After the Green lady got off stage, Reverend Billy of the Church of No-Shopping showed up to offer inane arguments against the war (the logical ones just don’t cut it for Billy, I suppose) all in the style of an evangelical preacher. There was lots of rambling on about how murder and bombing is bad (who’d have thunk it?), but nothing about the lack of any connection between Al Qaeda and Iraq, or zero evidence of Saddam’s having weapons of mass destruction -- none of the legal justifcations for blocking the war. At one point, the good Reverend mentioned that he lives in downtown NYC, suggesting to me that he makes a killing off of the radical evangelical preacher schtick. I know I couldn’t afford to live in Manhattan on my salary -- I’d like to see what Billy’s tax returns look like. After Billy got off the stage, my friend Brian remarked that any mainstream onlookers who watched Reverend Billy’s performance probably thought the whole protest was a joke. Sadly, I had to agree.

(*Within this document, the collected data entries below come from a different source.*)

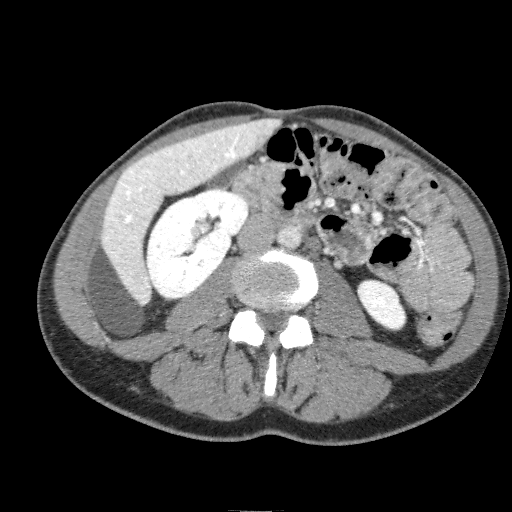
Abdomen, Computed tomography
* kidney: box(147, 190, 247, 297); box(358, 281, 404, 327)
* liver: box(101, 118, 281, 304)
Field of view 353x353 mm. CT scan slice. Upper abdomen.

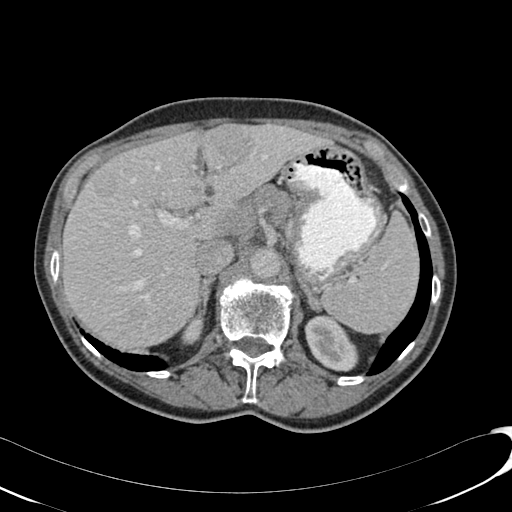

hepatic_lesion:
  - 191 185 200 193
  - 93 157 119 196
  - 211 124 254 166
  - 131 308 142 319
liver:
  - 62 124 333 347
kidney:
  - 305 316 356 370
  - 183 320 201 342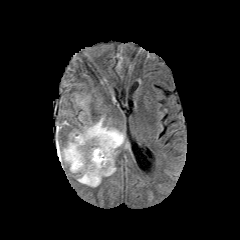
FLAIR MR image.
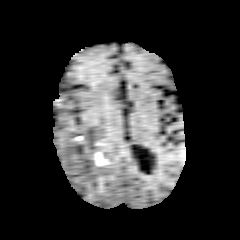
T1-weighted MR image of the same slice.
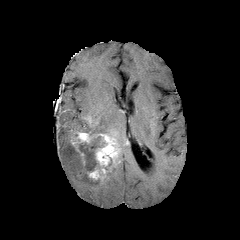
Post-contrast T1-weighted MR image.
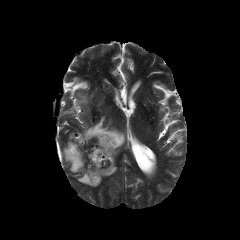
T2-weighted MR.
Brain
3 enhancing tumor regions appear at (x1=96, y1=132, x2=119, y2=165), (x1=89, y1=170, x2=99, y2=179), (x1=77, y1=132, x2=91, y2=141). 3 edema regions are bounded by (x1=58, y1=133, x2=116, y2=187), (x1=74, y1=94, x2=86, y2=108), (x1=82, y1=117, x2=125, y2=139).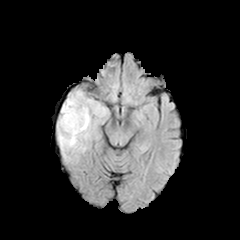
FLAIR MR.
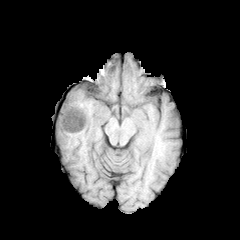
Same slice, T1-weighted MR image.
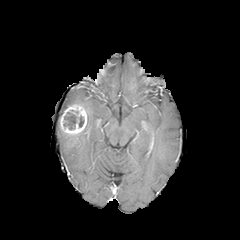
Post-contrast T1-weighted magnetic resonance.
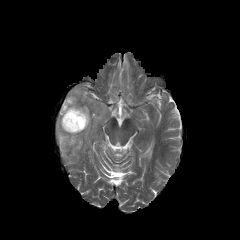
T2-weighted MR image of the same slice.
Head
The edema is located at left=57, top=89, right=108, bottom=157. The non-enhancing tumor core is located at left=64, top=112, right=76, bottom=129. The enhancing tumor is bounded by left=60, top=104, right=86, bottom=135.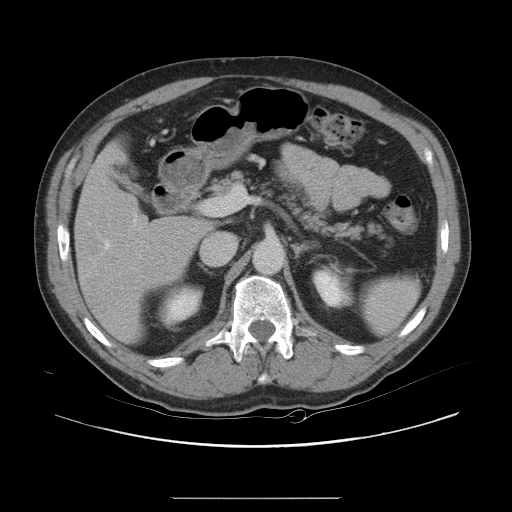 CT scan slice. 512x512.
Some hepatic vessels may have no box.
<segmentation>
  <hepatic_vessel>104,241,109,248</hepatic_vessel>
</segmentation>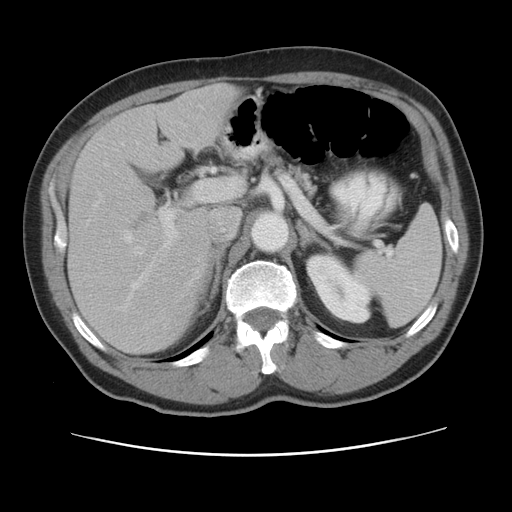 CT slice; 512x512

The vessel annotation is not exhaustive.
{"liver_tumor": ["[130, 211, 150, 229]"], "hepatic_vessel": ["[195, 257, 200, 262]", "[135, 141, 138, 148]", "[93, 192, 102, 205]", "[120, 142, 123, 146]", "[117, 270, 147, 309]", "[148, 155, 149, 156]", "[152, 158, 172, 166]", "[138, 151, 140, 157]", "[187, 263, 202, 284]", "[163, 239, 170, 247]"]}
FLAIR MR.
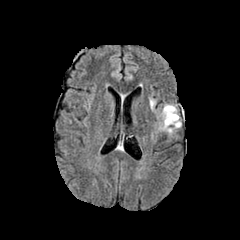
T1-weighted MR.
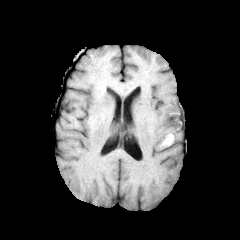
Post-contrast T1-weighted MR image.
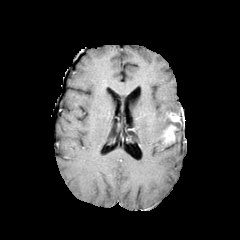
T2-weighted MRI.
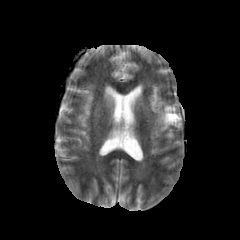
240x240 px.
Enhancing tumor: bounding box box=[167, 112, 180, 121].
Non-enhancing tumor core: bounding box box=[165, 111, 184, 132]; box=[164, 132, 174, 142].
Edema: bounding box box=[149, 96, 179, 139].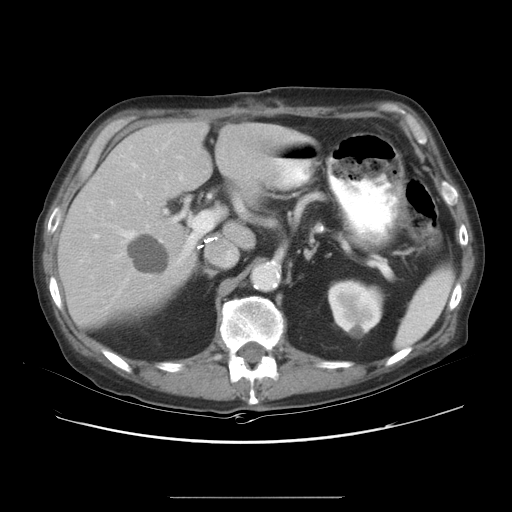 CT scan slice. Only some of the vessels may be annotated.
8 hepatic vessel regions are located at [x1=173, y1=211, x2=185, y2=221], [x1=119, y1=230, x2=135, y2=241], [x1=108, y1=224, x2=111, y2=226], [x1=109, y1=200, x2=114, y2=206], [x1=114, y1=226, x2=117, y2=226], [x1=237, y1=203, x2=242, y2=211], [x1=93, y1=235, x2=99, y2=237], [x1=174, y1=210, x2=219, y2=265]. The liver tumor appears at [x1=130, y1=235, x2=167, y2=273].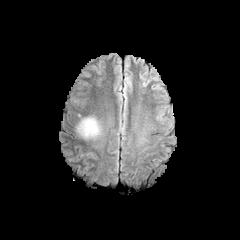
FLAIR magnetic resonance.
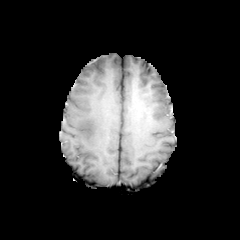
Same slice, T1-weighted MR image.
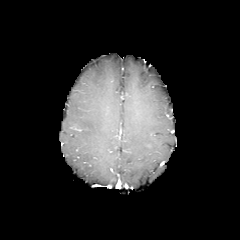
Same slice, post-contrast T1-weighted MRI.
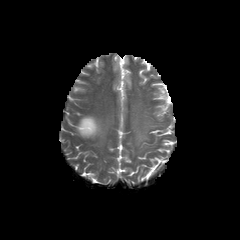
Same slice, T2-weighted MR.
240x240.
Edema: <box>76,116,102,139</box>.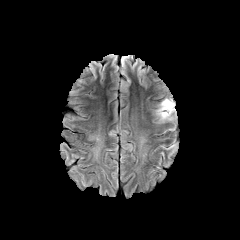
FLAIR magnetic resonance.
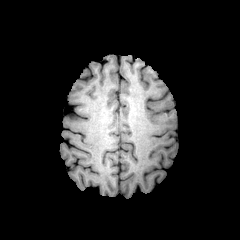
Same slice, T1-weighted MRI.
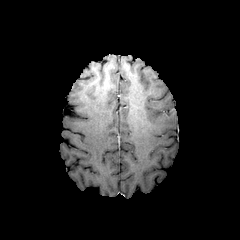
Post-contrast T1-weighted magnetic resonance.
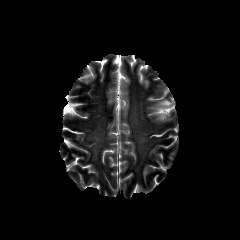
T2-weighted MR.
edema:
  - [x1=156, y1=98, x2=175, y2=121]
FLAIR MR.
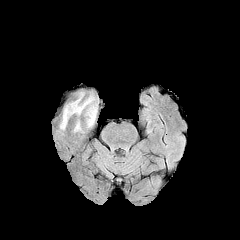
T1-weighted MR image.
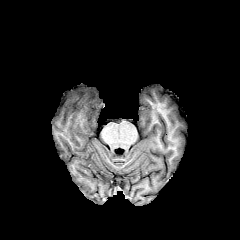
Post-contrast T1-weighted MR.
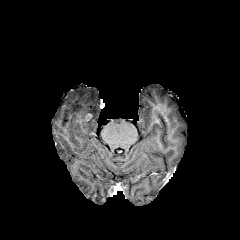
T2-weighted magnetic resonance.
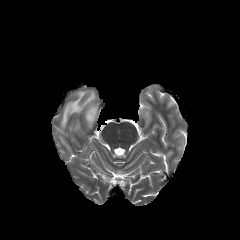
240x240 px.
Edema = 74:120:81:131, 60:92:98:129.
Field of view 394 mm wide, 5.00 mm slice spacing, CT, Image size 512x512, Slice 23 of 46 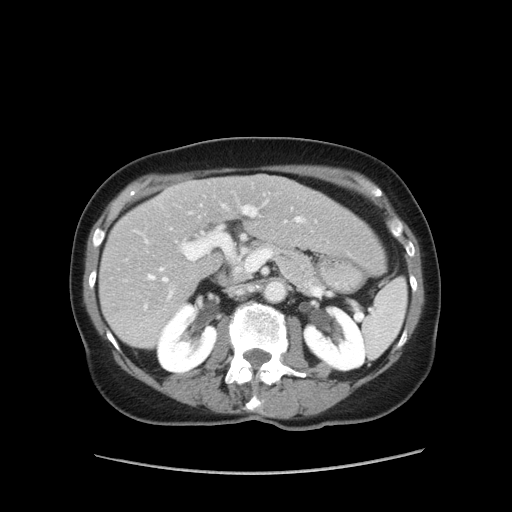
The vessel annotation is not exhaustive.
15 hepatic vessel regions appear at (238, 202, 260, 216), (168, 226, 173, 230), (168, 287, 173, 297), (219, 202, 228, 210), (160, 268, 162, 270), (281, 264, 292, 275), (143, 236, 148, 243), (290, 207, 292, 210), (188, 211, 192, 213), (175, 225, 277, 275), (148, 274, 154, 278), (283, 220, 287, 223), (134, 231, 142, 234), (292, 216, 304, 222), (163, 277, 167, 280).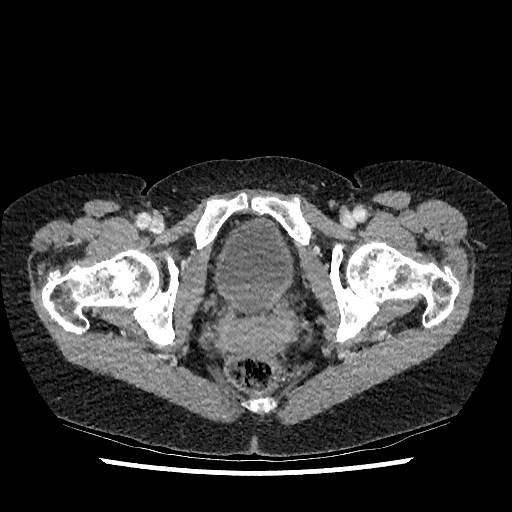 512x512 | CT scan slice

The urinary bladder lies within <bbox>211, 214, 296, 297</bbox>.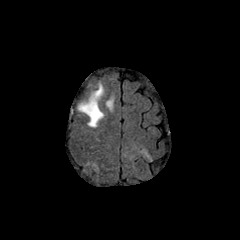
FLAIR MR image.
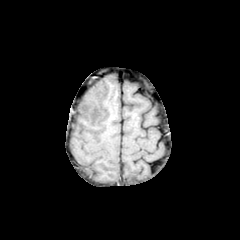
T1-weighted MRI.
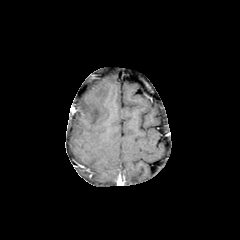
Same slice, post-contrast T1-weighted MRI.
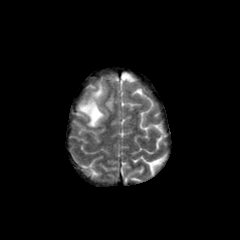
T2-weighted MR.
240x240.
Edema — 77, 84, 107, 127; 105, 97, 113, 111.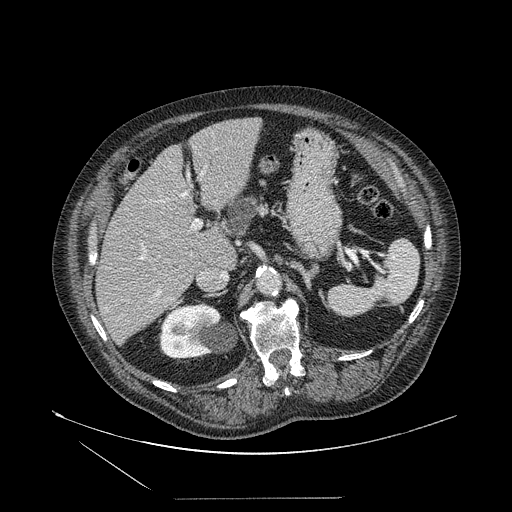
CT, Abdomen
Pancreatic tumor = (228, 197, 253, 234).
Pancreas = (225, 193, 269, 237).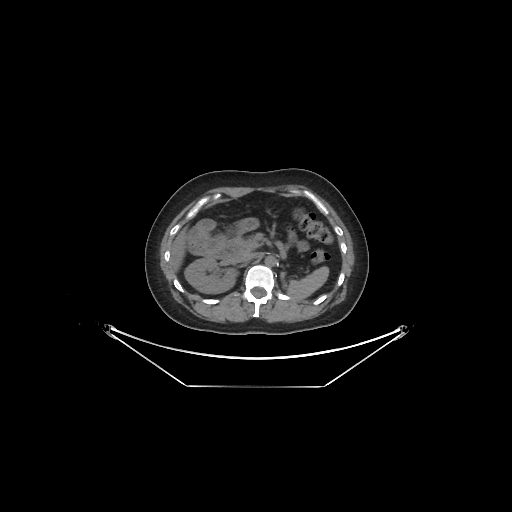 Computed tomography | Liver
The liver lies within [169,228,187,274]. The kidney lies within [185,256,235,293].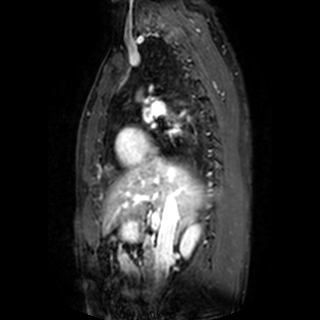 320x320, Heart, MR
Left atrium — [145,112,152,122].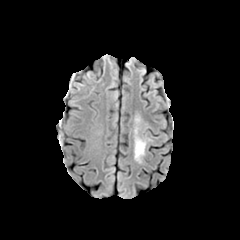
FLAIR MR.
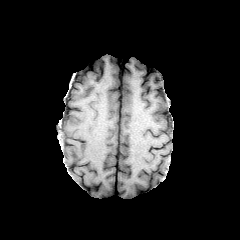
T1-weighted magnetic resonance.
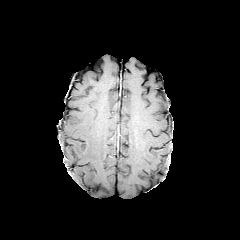
Same slice, post-contrast T1-weighted MR.
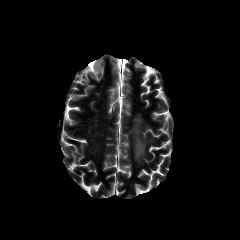
T2-weighted magnetic resonance.
Annotated regions:
* edema: x1=134, y1=115, x2=146, y2=163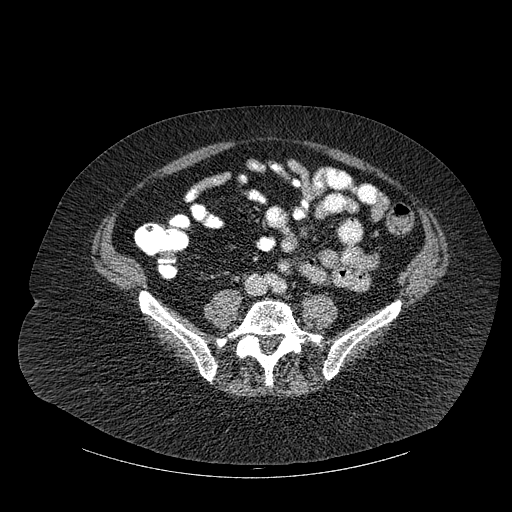
CT slice
Segmented structures:
* bone: bbox(139, 291, 216, 381); bbox(217, 301, 321, 385); bbox(323, 300, 401, 379)
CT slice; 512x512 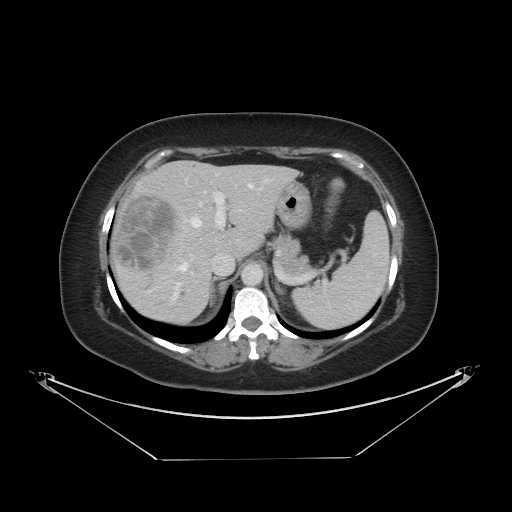
Only some of the vessels may be annotated.
Liver tumor: bounding box x1=112, y1=192, x2=178, y2=272.
Hepatic vessel: bounding box x1=247, y1=183, x2=253, y2=189; x1=212, y1=192, x2=223, y2=225; x1=174, y1=294, x2=176, y2=298; x1=199, y1=202, x2=202, y2=205; x1=203, y1=190, x2=206, y2=193; x1=177, y1=262, x2=187, y2=271; x1=192, y1=218, x2=201, y2=228; x1=263, y1=181, x2=264, y2=183.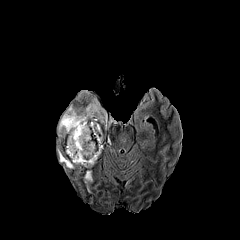
FLAIR magnetic resonance.
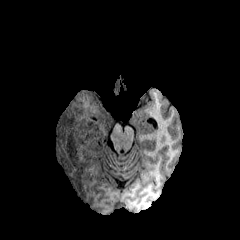
Same slice, T1-weighted magnetic resonance.
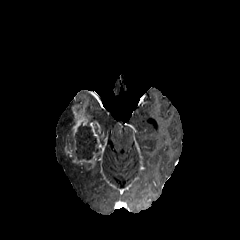
Same slice, post-contrast T1-weighted MR image.
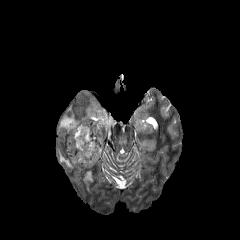
T2-weighted MRI.
Head
enhancing_tumor:
  - rect(64, 95, 104, 170)
edema:
  - rect(86, 97, 106, 123)
  - rect(56, 110, 74, 171)
  - rect(84, 170, 92, 193)
non-enhancing_tumor_core:
  - rect(63, 90, 91, 140)
  - rect(75, 124, 98, 160)
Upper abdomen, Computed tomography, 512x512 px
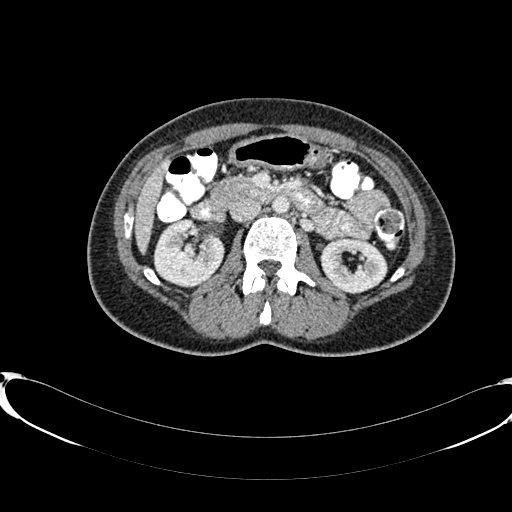
Liver = 134,162,166,252.
Kidney = 155,221,222,285; 322,240,385,291.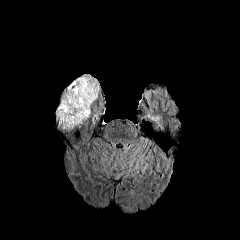
FLAIR MRI.
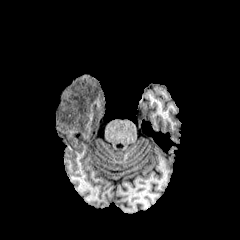
T1-weighted MR of the same slice.
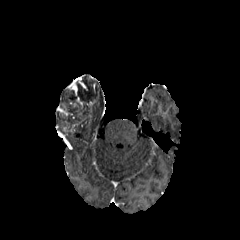
Same slice, post-contrast T1-weighted MR.
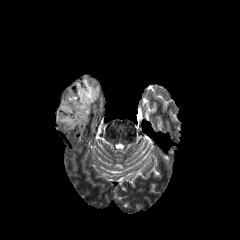
T2-weighted MRI.
{"non-enhancing_tumor_core": ["55:74:101:130"], "enhancing_tumor": ["56:104:72:116", "68:75:85:95", "63:122:81:131"]}
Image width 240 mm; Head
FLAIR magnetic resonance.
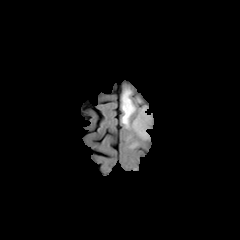
T1-weighted MR image.
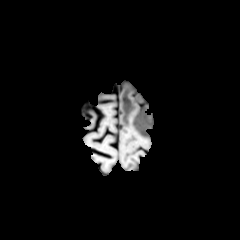
Post-contrast T1-weighted MR image.
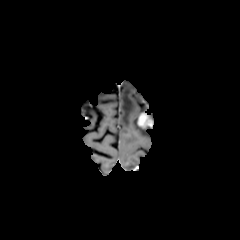
T2-weighted MR.
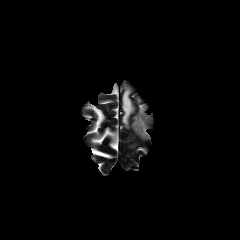
Segmented structures:
- edema: (121,87,135,128), (132,112,148,138)
- enhancing tumor: (137,112,152,128)
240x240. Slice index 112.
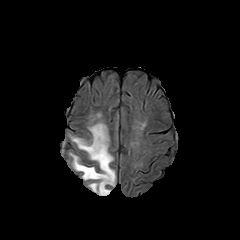
FLAIR magnetic resonance.
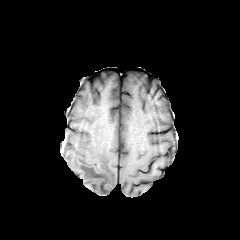
T1-weighted MR of the same slice.
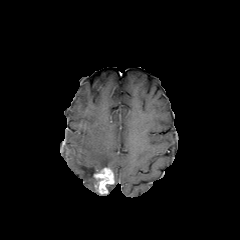
Same slice, post-contrast T1-weighted MRI.
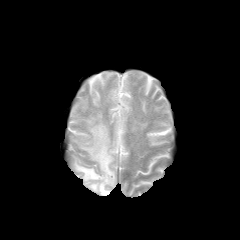
T2-weighted MR image of the same slice.
Edema: (x1=70, y1=122, x2=113, y2=191), (x1=96, y1=169, x2=116, y2=195).
Enhancing tumor: (x1=93, y1=167, x2=114, y2=193).
Non-enhancing tumor core: (x1=92, y1=170, x2=99, y2=189).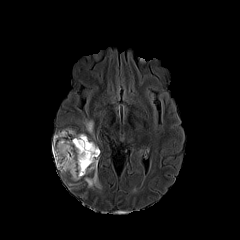
FLAIR MR image.
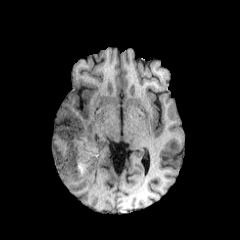
T1-weighted magnetic resonance.
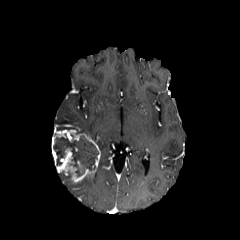
Post-contrast T1-weighted magnetic resonance.
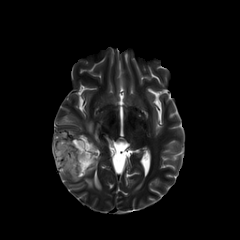
T2-weighted magnetic resonance.
240x240, Brain
Non-enhancing tumor core at rect(53, 135, 98, 176).
Enhancing tumor at rect(52, 130, 100, 182).
Edema at rect(82, 120, 93, 135); rect(84, 169, 102, 190).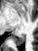 MRI, Medial temporal lobe

Segmented structures:
• posterior hippocampus: bbox(15, 35, 24, 45)
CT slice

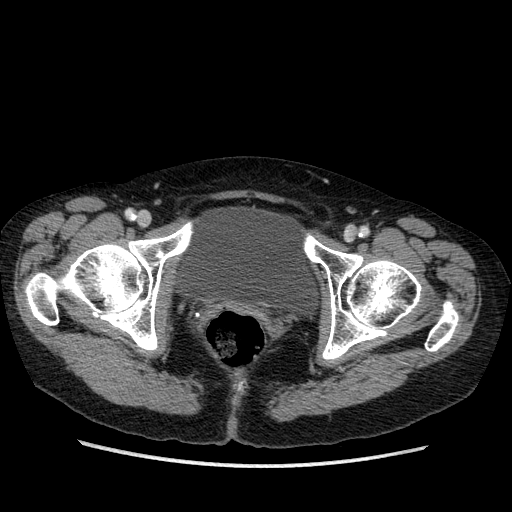 Urinary bladder: {"x1": 173, "y1": 206, "x2": 322, "y2": 320}.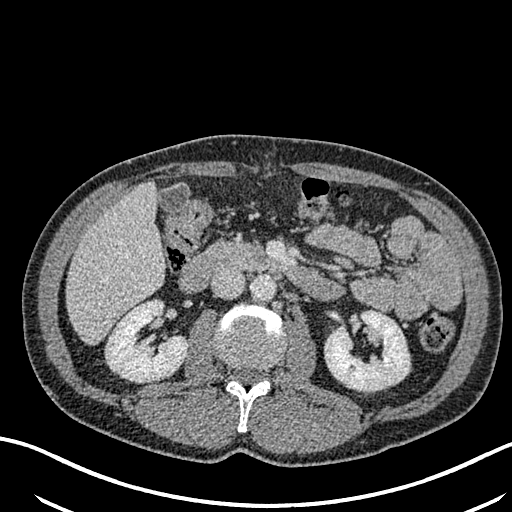

CT image

Kidney — bbox(106, 301, 187, 381); bbox(325, 311, 409, 390).
Liver — bbox(67, 181, 164, 343).

Another memorable moment occurred when Adam Eidinger, failed candidate for D.C. Shadow Senator and Green Party activist (he had great campaign posters, but I still didn’t vote for him), half-heartedly implored us to join an “unpermitted, almost legal -- sorta illegal -- march on the National Press Building.” Only a handful joined the sorta illegal march -- not exactly the wake-up call they were hoping to send to the National Press Club.

Through all the bad bands that played and the ravings of the speakers, I realized just how much I want the old Democratic Party back. Where are the moderate liberal voices -- the John F. Kennedy’s, Franklin Roosevelt’s and Harry Truman’s? Why is our only alternative to the impotent, hand-wringing, useless likes of Tom Daschle, Joe Lieberman and the rest, the decidedly un-mainstream Green Party? I trust them and their “let’s get rid of the military altogether and redistribute all your worldly goods to the poor” theoretical policies (theoretical, because it’s not as if they hold significant office anywhere), as much as the Republican tax cuts and bomb the hell out of the Third World approach. Where is the middle ground? Where are the Democrats?

Too busy watching the polls and covering their own asses, I guess.